BEGIN
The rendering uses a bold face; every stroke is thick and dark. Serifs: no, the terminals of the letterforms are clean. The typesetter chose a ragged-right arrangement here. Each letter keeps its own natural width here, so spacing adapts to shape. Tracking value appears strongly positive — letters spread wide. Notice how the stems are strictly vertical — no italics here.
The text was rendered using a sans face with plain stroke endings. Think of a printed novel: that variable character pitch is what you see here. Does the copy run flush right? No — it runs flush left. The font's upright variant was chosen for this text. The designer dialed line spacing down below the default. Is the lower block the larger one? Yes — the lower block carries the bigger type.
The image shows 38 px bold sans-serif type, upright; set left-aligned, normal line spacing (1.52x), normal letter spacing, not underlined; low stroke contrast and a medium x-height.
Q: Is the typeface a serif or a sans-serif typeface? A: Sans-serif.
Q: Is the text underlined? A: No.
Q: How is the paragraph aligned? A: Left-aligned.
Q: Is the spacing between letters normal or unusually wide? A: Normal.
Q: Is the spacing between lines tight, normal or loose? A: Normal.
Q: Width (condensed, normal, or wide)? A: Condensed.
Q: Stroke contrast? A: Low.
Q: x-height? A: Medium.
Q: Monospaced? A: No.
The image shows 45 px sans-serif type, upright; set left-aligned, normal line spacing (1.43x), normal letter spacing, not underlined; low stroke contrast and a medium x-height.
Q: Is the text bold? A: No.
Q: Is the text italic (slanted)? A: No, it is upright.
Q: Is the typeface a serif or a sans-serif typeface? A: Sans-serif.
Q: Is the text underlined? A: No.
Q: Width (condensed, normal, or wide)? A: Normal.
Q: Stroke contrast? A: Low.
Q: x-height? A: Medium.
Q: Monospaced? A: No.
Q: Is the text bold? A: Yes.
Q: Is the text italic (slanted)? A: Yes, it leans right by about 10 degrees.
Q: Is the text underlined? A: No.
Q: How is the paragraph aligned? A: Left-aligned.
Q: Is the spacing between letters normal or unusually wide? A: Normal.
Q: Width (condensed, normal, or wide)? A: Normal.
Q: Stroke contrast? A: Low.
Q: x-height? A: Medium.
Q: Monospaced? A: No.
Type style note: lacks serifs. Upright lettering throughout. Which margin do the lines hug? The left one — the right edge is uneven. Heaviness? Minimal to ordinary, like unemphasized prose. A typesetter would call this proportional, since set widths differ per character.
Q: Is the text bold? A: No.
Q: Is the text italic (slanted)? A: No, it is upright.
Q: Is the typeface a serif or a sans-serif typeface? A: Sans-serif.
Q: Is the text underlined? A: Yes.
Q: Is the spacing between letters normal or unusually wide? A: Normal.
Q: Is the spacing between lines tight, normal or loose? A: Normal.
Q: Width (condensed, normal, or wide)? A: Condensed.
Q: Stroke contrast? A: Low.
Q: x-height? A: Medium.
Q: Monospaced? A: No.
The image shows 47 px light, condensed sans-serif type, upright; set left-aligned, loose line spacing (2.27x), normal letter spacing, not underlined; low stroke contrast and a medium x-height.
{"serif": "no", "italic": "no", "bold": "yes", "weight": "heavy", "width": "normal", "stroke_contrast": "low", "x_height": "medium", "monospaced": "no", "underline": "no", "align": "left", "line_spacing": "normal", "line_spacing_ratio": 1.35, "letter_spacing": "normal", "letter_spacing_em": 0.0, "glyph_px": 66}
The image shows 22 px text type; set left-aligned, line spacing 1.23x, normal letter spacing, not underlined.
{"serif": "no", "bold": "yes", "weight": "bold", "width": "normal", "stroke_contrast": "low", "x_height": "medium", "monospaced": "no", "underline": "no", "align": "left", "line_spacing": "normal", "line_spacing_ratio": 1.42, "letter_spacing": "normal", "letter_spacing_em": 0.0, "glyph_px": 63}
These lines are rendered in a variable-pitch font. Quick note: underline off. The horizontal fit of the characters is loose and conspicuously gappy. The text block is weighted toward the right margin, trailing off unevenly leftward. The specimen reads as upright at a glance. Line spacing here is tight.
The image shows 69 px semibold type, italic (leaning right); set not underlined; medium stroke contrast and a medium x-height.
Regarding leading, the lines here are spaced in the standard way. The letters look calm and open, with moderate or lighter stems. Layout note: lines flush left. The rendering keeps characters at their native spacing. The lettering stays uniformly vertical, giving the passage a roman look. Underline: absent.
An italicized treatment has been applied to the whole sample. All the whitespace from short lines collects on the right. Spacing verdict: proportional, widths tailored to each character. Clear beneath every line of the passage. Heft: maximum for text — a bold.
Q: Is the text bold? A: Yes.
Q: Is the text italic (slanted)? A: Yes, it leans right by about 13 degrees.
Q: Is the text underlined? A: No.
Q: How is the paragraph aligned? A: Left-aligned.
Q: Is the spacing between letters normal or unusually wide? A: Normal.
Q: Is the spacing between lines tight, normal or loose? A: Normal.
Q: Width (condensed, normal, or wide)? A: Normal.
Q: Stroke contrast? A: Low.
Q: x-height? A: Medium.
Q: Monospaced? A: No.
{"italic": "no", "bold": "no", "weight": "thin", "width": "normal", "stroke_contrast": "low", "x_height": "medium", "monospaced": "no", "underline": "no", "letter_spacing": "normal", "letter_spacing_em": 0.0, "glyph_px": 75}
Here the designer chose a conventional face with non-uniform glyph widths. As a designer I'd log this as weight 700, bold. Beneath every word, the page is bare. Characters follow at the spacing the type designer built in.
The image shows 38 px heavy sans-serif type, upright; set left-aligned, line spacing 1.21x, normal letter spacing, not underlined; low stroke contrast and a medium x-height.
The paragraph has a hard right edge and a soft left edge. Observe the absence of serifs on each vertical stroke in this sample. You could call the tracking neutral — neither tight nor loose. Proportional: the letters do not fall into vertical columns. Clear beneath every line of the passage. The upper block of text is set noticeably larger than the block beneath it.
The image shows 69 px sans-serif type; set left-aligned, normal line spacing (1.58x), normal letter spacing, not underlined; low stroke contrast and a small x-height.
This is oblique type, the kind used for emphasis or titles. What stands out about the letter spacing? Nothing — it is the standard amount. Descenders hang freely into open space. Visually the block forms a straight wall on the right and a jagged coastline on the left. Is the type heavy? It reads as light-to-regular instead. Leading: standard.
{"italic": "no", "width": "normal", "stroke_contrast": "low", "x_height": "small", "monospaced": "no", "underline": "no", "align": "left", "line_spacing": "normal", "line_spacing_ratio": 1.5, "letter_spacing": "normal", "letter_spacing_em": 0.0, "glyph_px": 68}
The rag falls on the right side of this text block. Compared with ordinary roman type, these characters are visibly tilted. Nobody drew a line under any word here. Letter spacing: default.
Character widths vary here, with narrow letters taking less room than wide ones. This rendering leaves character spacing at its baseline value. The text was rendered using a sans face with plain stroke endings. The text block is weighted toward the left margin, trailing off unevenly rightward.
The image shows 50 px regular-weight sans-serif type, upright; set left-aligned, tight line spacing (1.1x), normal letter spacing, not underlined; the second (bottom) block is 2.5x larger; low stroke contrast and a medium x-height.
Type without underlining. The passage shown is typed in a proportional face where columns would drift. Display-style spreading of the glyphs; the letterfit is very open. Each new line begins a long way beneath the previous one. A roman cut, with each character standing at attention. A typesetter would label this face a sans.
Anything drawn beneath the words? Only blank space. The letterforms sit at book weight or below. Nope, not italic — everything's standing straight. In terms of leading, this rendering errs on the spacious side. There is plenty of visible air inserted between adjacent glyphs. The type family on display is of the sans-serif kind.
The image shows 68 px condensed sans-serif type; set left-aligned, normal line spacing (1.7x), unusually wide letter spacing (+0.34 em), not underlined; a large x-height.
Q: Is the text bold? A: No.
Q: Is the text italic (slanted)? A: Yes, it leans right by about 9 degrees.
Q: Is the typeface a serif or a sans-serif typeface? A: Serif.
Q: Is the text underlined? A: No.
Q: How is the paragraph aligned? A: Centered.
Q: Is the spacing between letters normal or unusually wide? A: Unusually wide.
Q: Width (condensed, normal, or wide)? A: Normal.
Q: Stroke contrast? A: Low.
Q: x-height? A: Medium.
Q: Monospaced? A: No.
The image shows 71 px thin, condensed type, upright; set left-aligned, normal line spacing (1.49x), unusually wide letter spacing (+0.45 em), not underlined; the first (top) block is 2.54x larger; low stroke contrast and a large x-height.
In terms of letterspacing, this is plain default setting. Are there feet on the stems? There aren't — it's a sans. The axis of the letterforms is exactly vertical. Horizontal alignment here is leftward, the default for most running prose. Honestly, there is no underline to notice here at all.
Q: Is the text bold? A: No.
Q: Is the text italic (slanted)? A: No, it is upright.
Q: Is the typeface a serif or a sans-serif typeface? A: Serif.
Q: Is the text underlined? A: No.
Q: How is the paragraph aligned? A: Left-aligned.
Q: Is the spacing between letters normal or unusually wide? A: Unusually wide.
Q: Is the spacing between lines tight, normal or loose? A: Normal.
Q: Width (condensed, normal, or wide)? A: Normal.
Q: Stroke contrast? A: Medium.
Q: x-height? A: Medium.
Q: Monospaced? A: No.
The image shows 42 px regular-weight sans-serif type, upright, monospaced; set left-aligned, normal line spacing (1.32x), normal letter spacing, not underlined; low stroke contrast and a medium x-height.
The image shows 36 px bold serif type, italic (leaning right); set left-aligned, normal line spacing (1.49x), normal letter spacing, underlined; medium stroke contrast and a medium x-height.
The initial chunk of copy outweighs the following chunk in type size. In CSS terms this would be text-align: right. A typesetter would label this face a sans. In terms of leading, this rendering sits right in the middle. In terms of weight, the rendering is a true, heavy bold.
END
All lines with the string "toward" must be copied from the data.

Exercise response =
These lines are rendered in a variable-pitch font. Quick note: underline off. The horizontal fit of the characters is loose and conspicuously gappy. The text block is weighted toward the right margin, trailing off unevenly leftward. The specimen reads as upright at a glance. Line spacing here is tight.
Character widths vary here, with narrow letters taking less room than wide ones. This rendering leaves character spacing at its baseline value. The text was rendered using a sans face with plain stroke endings. The text block is weighted toward the left margin, trailing off unevenly rightward.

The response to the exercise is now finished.